Siobhan Magnus and... Aaron Kelly. Weird. She overacts the first lines of a slowed-up crunk "How Deep Is Your Love," but then their harmony is actually really beautiful. There's a weird moment where they both sort of peel off like Price Is Right hos and the bad-singing animated corpses of some Brothers Gibb step out and look like pimps in a bad movie, and horrible sounds come out of them. The fat one "sings" at Siobhan and she pretends not to be freaked out, while Aaron ignores the skinny murderer-looking one in favor of going crazy with that one hip-move he loves. All four of them join in at once, and it's way annoying because you only really want to hear Siobhan, and Hasselhoff is out in the audience looking -- as per usual, thanks to surgery -- like he's tripping balls and perving out simultaneously, and then all four of them fail to hit a falsetto note that was apparently chosen at random... This show is ghetto. Sorry, but it's over. I'm calling it.
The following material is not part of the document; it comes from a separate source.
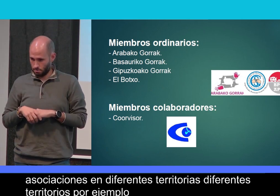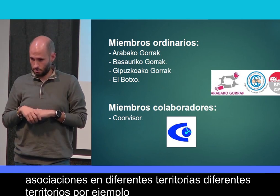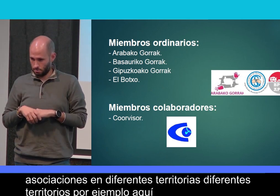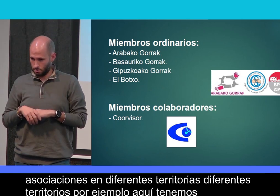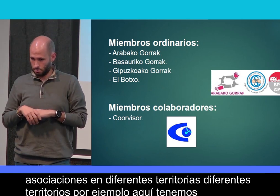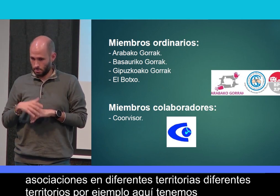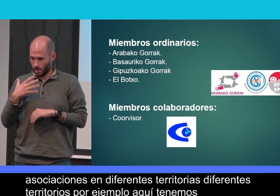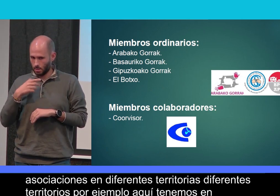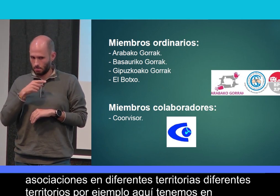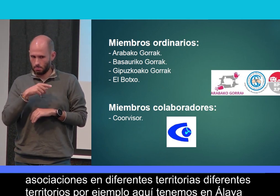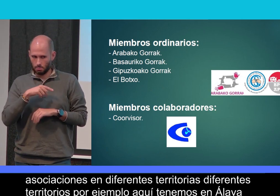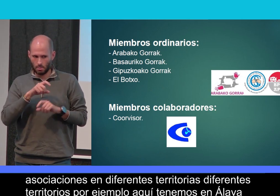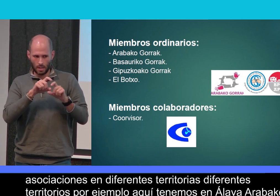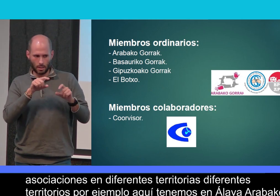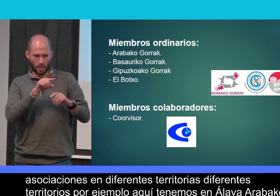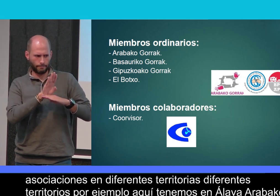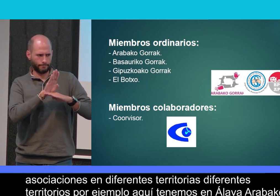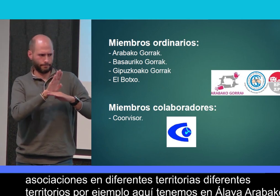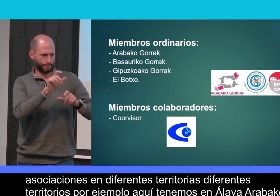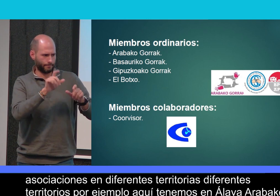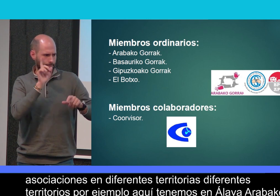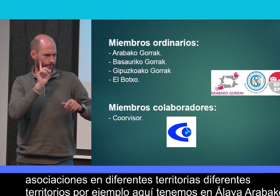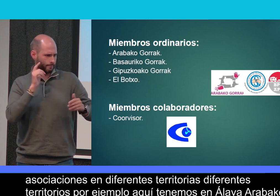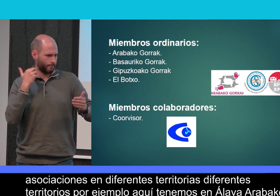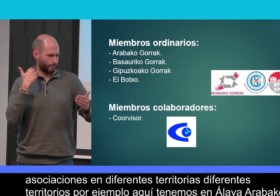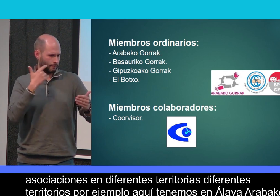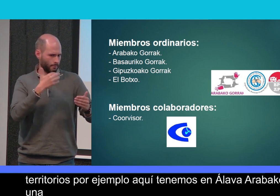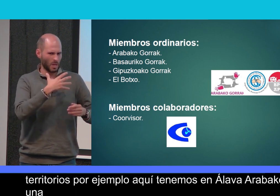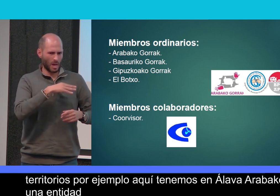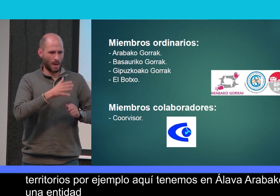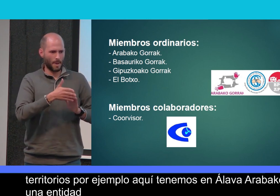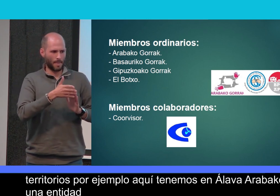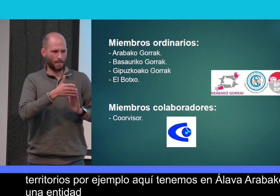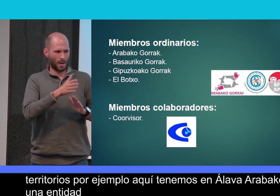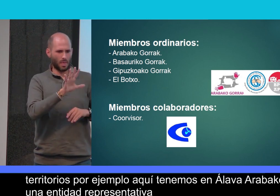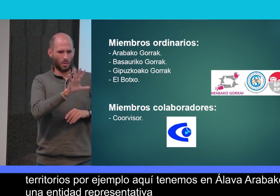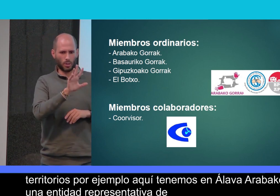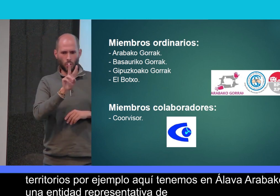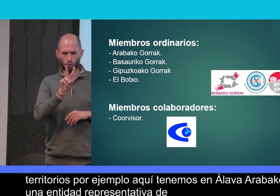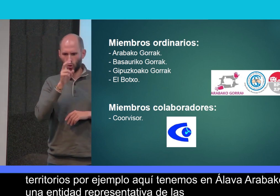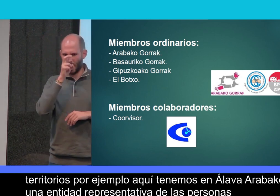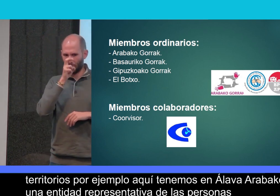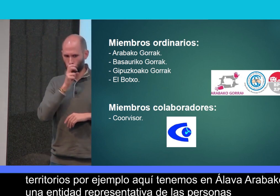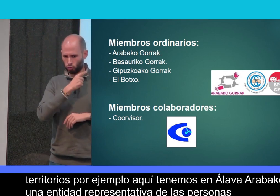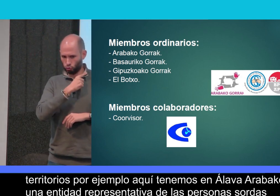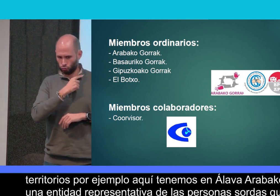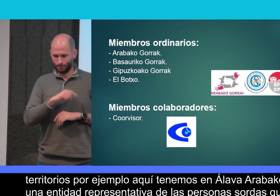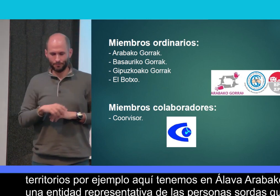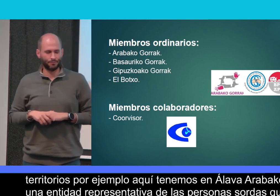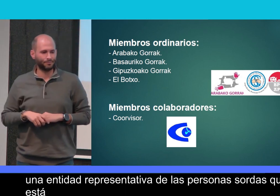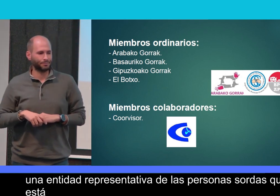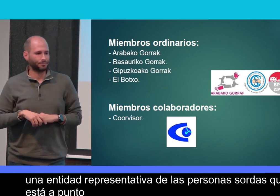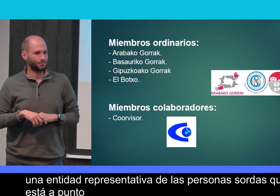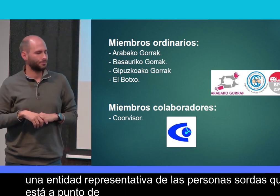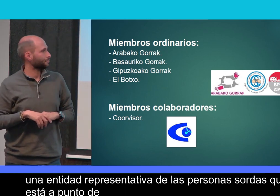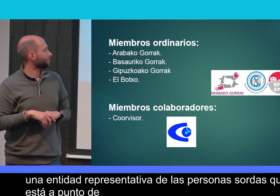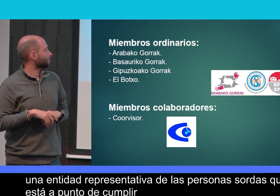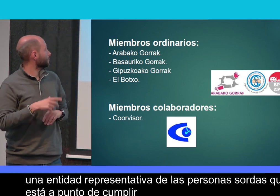Álava, Arabaco Gorrak, una entidad representativa de las personas sordas que ya está a punto de cumplir 52 años.

This happens to every reality show, and the trick is to stop watching it the second it happens, so that you don't end up trashy by the Commutative Property. Like okay, ANTM, it was when they brought back that girl with the clown-wig hair so she would fight with everybody, including another girl they also brought on just to act ghetto -- who poured beer in the girl's weave or had beer poured in her own weave, I forget -- but either way that's when you stop watching. The Real World, they faked you out with the Dan/Flora conflict but then reeled you back in with Lyme disease in Seattle, so it actually ended up being Ruthie that ruined everything for good. Big Brother -- which I still haven't kicked, to be honest -- it was the Donatos, followed by that summer edition with all the retards. (It happens with scripted shows, too -- Breaking Bad has gone there and come back so many times I just gave up -- but generally those follow a different arc.) I don't know why this happens, but it always happens, unless you're on VH1 or the show involves prostituting yourself to a rich bachelor, where it already started out trashy and you shouldn't be watching it in the first place. In any case, you gotta flee that sinking ship because while you may think it's just striking up a friendly conversation, to somebody who knows about this ghetto slide factor you're saying things about yourself you don't wanna be saying.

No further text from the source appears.